# Shoulder gets really tired... should I work through it?



## Slavocracy (Apr 10, 2012)

It all started when I was trying to learn Back Burner by August Burns Red, it was clearly above my playing ability but I stupidly played it at full speed anyway and then I started to notice my picking arm's shoulder would get extremely tired really fast. I was working out at the time too, which might've done something. 
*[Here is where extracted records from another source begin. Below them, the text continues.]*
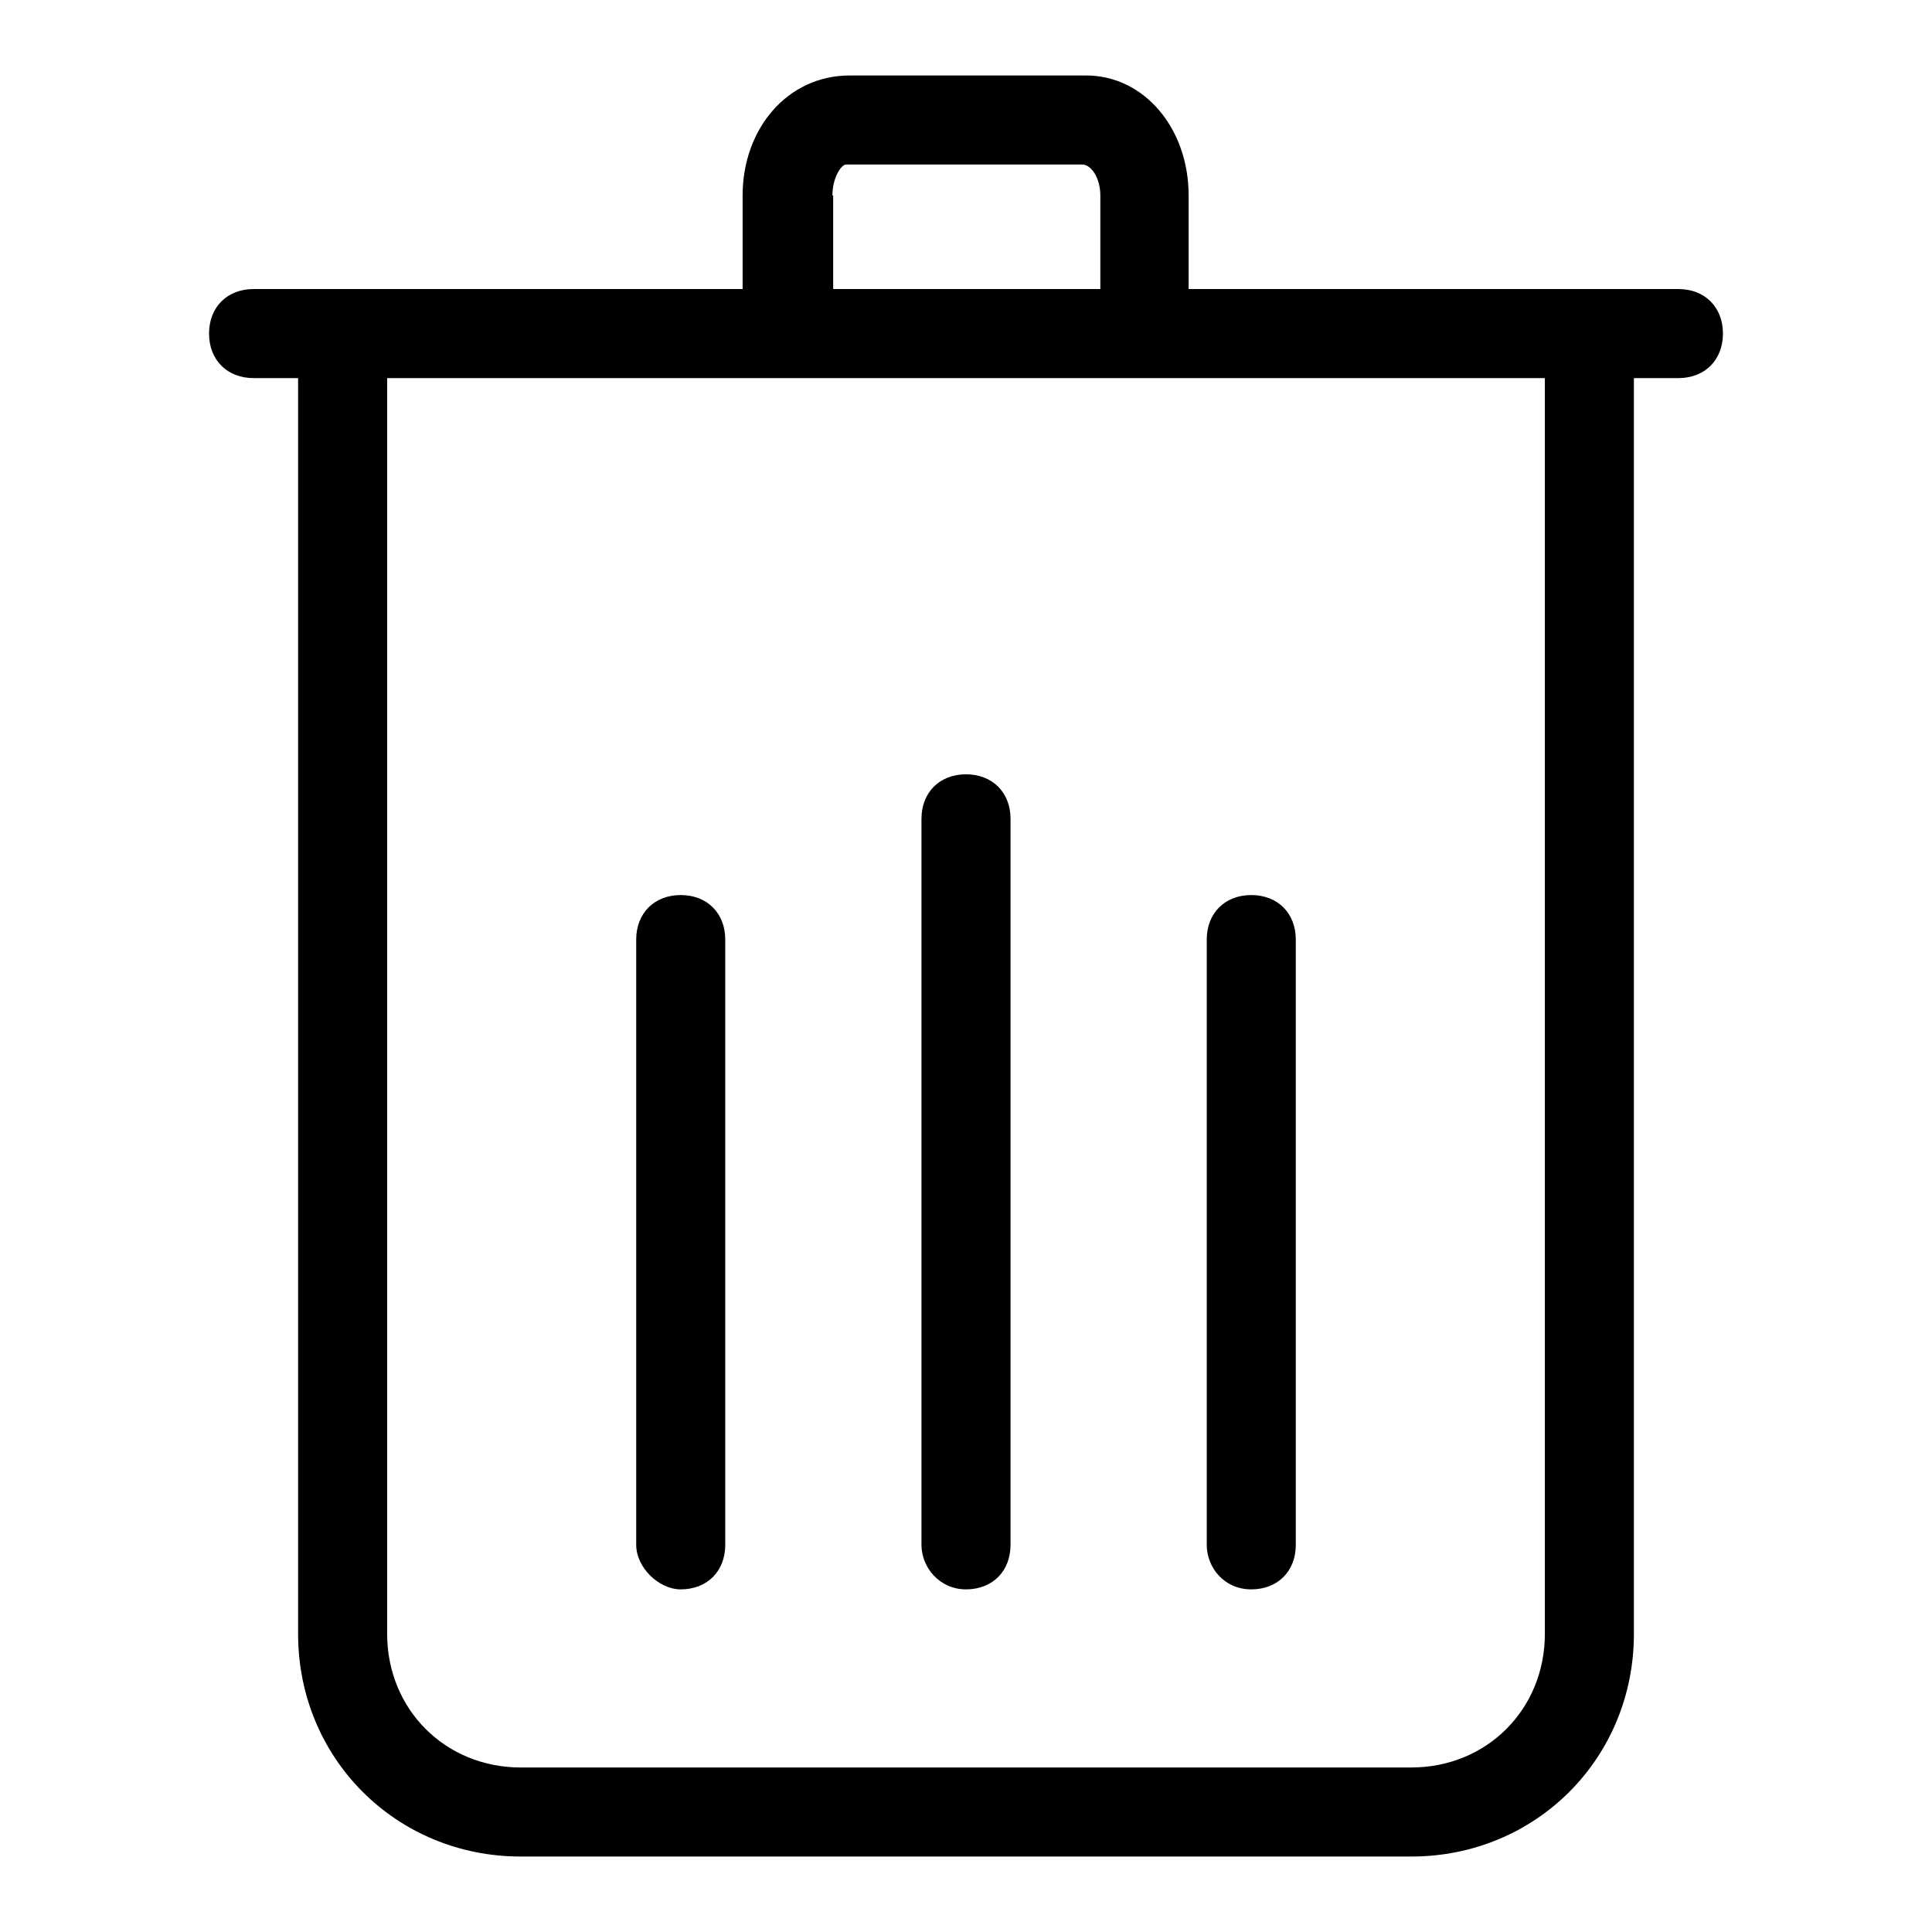 <?xml version="1.0" encoding="utf-8"?>
<!-- Svg Vector Icons : http://www.onlinewebfonts.com/icon -->
<!DOCTYPE svg PUBLIC "-//W3C//DTD SVG 1.1//EN" "http://www.w3.org/Graphics/SVG/1.1/DTD/svg11.dtd">
<svg version="1.1" xmlns="http://www.w3.org/2000/svg" xmlns:xlink="http://www.w3.org/1999/xlink" x="0px" y="0px" viewBox="0 0 256 256" enable-background="new 0 0 256 256" xml:space="preserve">
<g><g><path fill="#000000" d="M222.4,38.3h-64.9V25.9c0-8.9-5.9-15.9-13.6-15.9h-31.3c-8.3,0-14.2,7.1-14.2,15.9v12.4H33.6c-3.5,0-5.9,2.4-5.9,5.9s2.4,5.9,5.9,5.9h5.9v166.4c0,16.5,13,29.5,29.5,29.5h118c16.5,0,29.5-13,29.5-29.5V50.1h5.9c3.5,0,5.9-2.4,5.9-5.9S225.9,38.3,222.4,38.3z M110.3,25.9c0-2.4,1.2-4.1,1.8-4.1h31.3c1.2,0,2.4,1.8,2.4,4.1v12.4h-35.4V25.9L110.3,25.9z M204.7,216.5c0,10-7.7,17.7-17.7,17.7H69c-10,0-17.7-7.7-17.7-17.7V50.1h153.4V216.5z"/><path fill="#000000" d="M128,210.6c3.5,0,5.9-2.4,5.9-5.9v-96.2c0-3.5-2.4-5.9-5.9-5.9c-3.5,0-5.9,2.4-5.9,5.9v96.2C122.1,207.7,124.5,210.6,128,210.6z"/><path fill="#000000" d="M165.8,210.6c3.5,0,5.9-2.4,5.9-5.9v-80.2c0-3.5-2.4-5.9-5.9-5.9c-3.5,0-5.9,2.4-5.9,5.9v80.2C159.9,207.7,162.2,210.6,165.8,210.6z"/><path fill="#000000" d="M90.2,210.6c3.5,0,5.9-2.4,5.9-5.9v-80.2c0-3.5-2.4-5.9-5.9-5.9c-3.5,0-5.9,2.4-5.9,5.9v80.2C84.3,207.7,87.3,210.6,90.2,210.6z"/></g></g>
</svg>

Anyway, it's been a year almost since then, and it still gets incredibly tired really fast. Like I mean within 10 seconds I have to stop playing because it gets so tired. I can play "through the burn" and maybe overcome it that way, but I always thought that with guitar playing that was a horrible thing to do. My posture is also very bad, I can't seem to play guitar in the same positions everyone else does... I dunno, I just can't do it, the guitar falls out of place, no matter what I do I am putting ALL the weight on one part of my body (legs, arms, fingers) and kind of alternating between them because there is no position I am capable of sitting in that balances the weight of the guitar. I also have difficulty standing up playing, as the guitar "curves" outwards (bottom out) from my body making me have to play at weird angles and I really can't do anything to change it.


----------



## Ulvhedin (Apr 10, 2012)

How long have you been playing? Sounds like wrong tecnique.


----------



## Konfyouzd (Apr 10, 2012)

Do you use your whole arm to pick? Good indication that--as you said--the song was above your current skill level. Doesn't mean you can't play it and it doesn't mean you shouldn't try to play it up to speed. But I think that playing it to speed should be punctuated by periods of playing it much slower. It really helps solidfy what you're playing so you can commit it to muscle memory at which point you get faster much more quickly than you'd imagine.


----------



## Slavocracy (Apr 10, 2012)

Konfyouzd said:


> Do you use your whole arm to pick? Good indication that--as you said--the song was above your current skill level. Doesn't mean you can't play it and it doesn't mean you shouldn't try to play it up to speed. But I think that playing it to speed should be punctuated by periods of playing it much slower. It really helps solidfy what you're playing so you can commit it to muscle memory at which point you get faster much more quickly than you'd imagine.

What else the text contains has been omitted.